In 1965 Swen travelled to south-east Asia to work in advertising in Singapore. On a detour to Japan, he met Hiroe Takebe in Kyoto, and they were married in 1966. They stayed in Kyoto for two years for Hiroe’s parents to get to know him better.

The sculpture designed by Cornel for Sister City Park in Macquoid Street, Queanbeyan. Photo: Helen Musa

She had been running a small restaurant in the evenings, and his support enabled her to give this up and work full-time on the production of new ceramics for two solo shows, to be held in Australia. This is the first indication of Cornel’s total support for his wife’s artist career.

After their arrival, the had couple planned to stay in Sydney. However, Hiroe was offered a part time teaching position in Canberra, and Cornel was successful in his application for the position of an artist in the Department of Immigration.

They purchased a 22-hectare sheep farm on the outskirts of Canberra. They had always planned to own and manage an art gallery strictly on their own terms. Two years later, Cornel left the public service to begin more challenging projects, one of which was to complete a half-built house and add a gallery.
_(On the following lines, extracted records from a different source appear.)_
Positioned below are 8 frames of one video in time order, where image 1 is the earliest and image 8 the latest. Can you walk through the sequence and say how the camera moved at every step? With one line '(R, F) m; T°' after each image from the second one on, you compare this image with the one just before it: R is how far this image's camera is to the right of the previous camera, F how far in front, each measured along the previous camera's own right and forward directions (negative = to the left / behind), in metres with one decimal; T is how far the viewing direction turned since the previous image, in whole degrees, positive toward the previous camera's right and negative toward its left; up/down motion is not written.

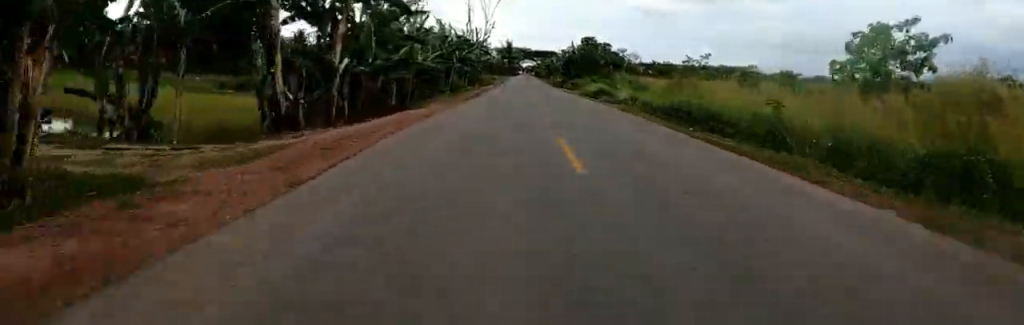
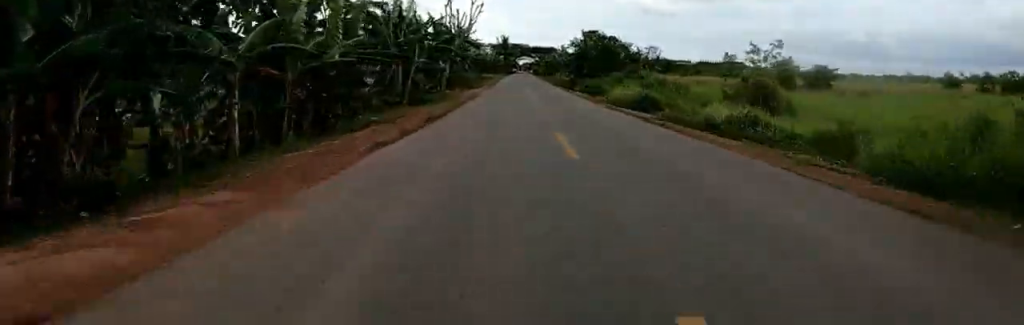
(-0.1, +15.3) m; -1°
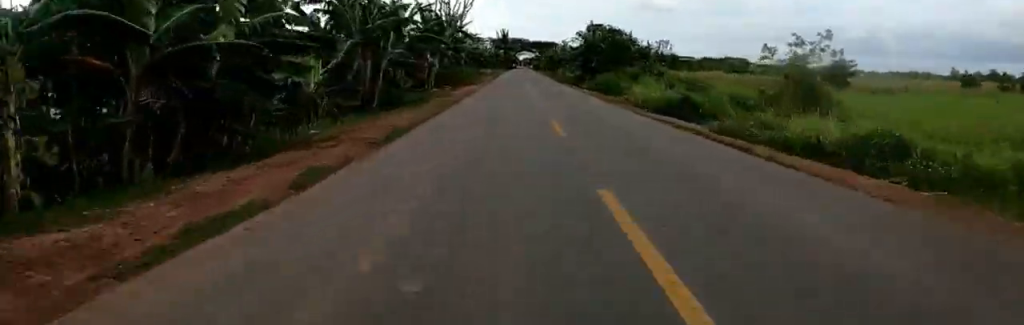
(0.0, +5.6) m; 0°
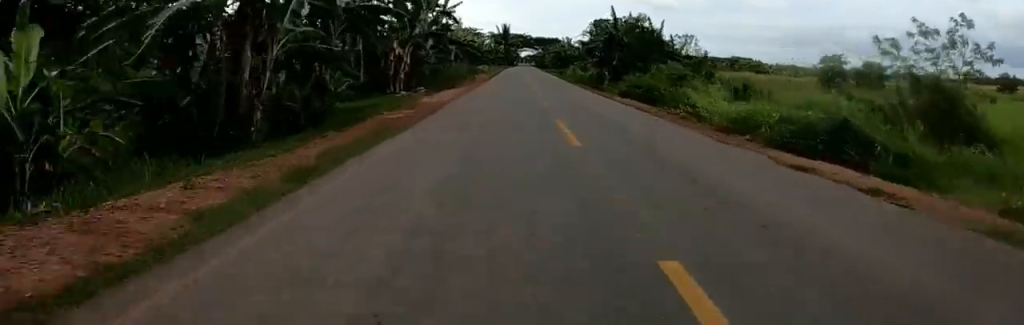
(0.0, +9.9) m; +1°
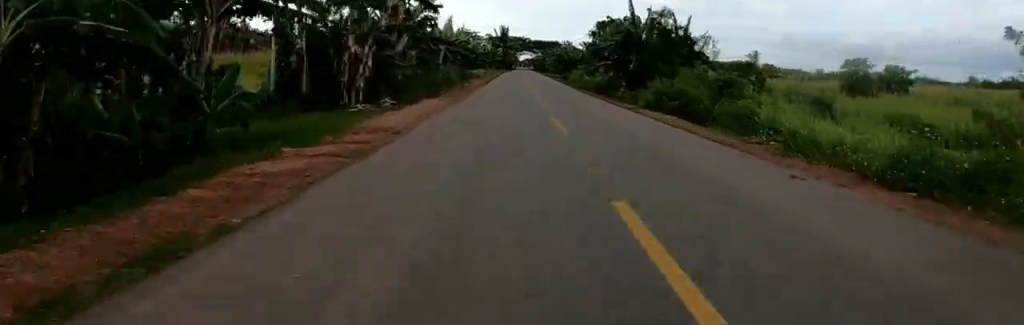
(+0.1, +6.2) m; +1°
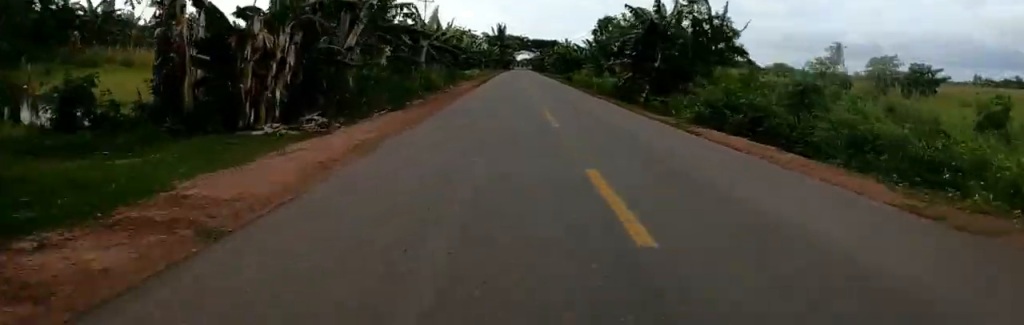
(+0.1, +6.8) m; +1°
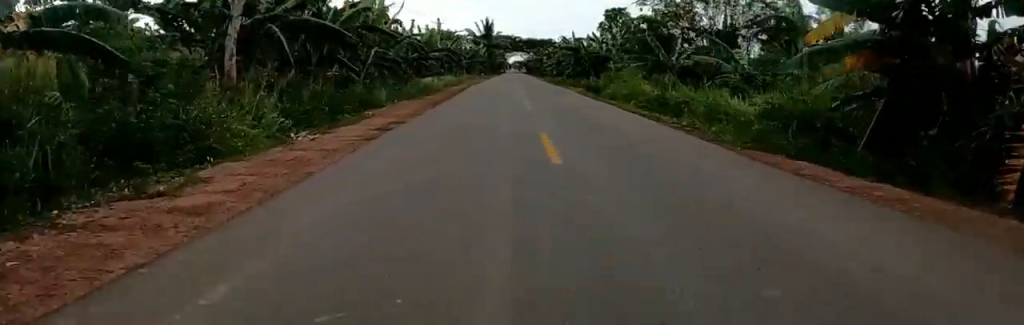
(-0.1, +21.6) m; -1°
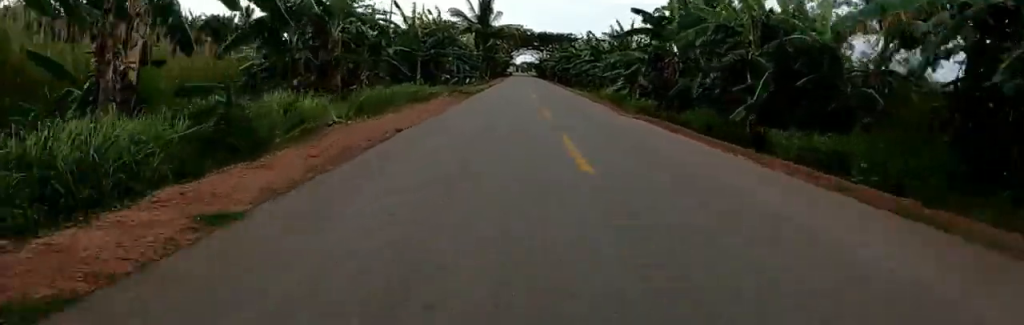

Hiroe’s inaugural exhibition at Pastoral Gallery was in 1973. Cornel continued to have exhibitions in Canberra, Sydney, Brisbane, and Melbourne. In 1986 a fire totally destroyed his studio, Hiroe’s parents’ flat and a major part of the gallery.

Two years later, the pair reopened the enlarged gallery with a joint exhibition of dye paintings and ceramics. They continued to have shows, both solo and joint, in Australia and overseas. In 1994, Cornel discontinued the dye-painting due to mounting health problems caused by the medium’s toxicity.

In 2004 Cornel and Hiroe completed a public artwork in Queanbeyan to celebrate the sister city relationship between Queanbeyan and firstly, Hatta Mura in Japan and then the Minami Alps City, also in Japan.

Cornel designed another work to celebrate the “Het Duyfken”, and the Dutch explorer who discovered Australia’s northern coastline in 1606. He later expressed disappointment that his idea of a work inspired by the sight of billowing sails (cast in steel plate) was “ditched for fear of being too prone to vandalism. The final version is a mundane, stunted obelisk on which ones of the plaques, illustrates the explorer’s vessel”.

Cornel had high design principles from which he never wavered. He supported Hiroe in her work completely and was always in the background giving her advice and help. Cornel will be remembered as much for his own work, as for his committed support.

He is survived by his wife Hiroe Swen.

A private funeral will be held with close family members.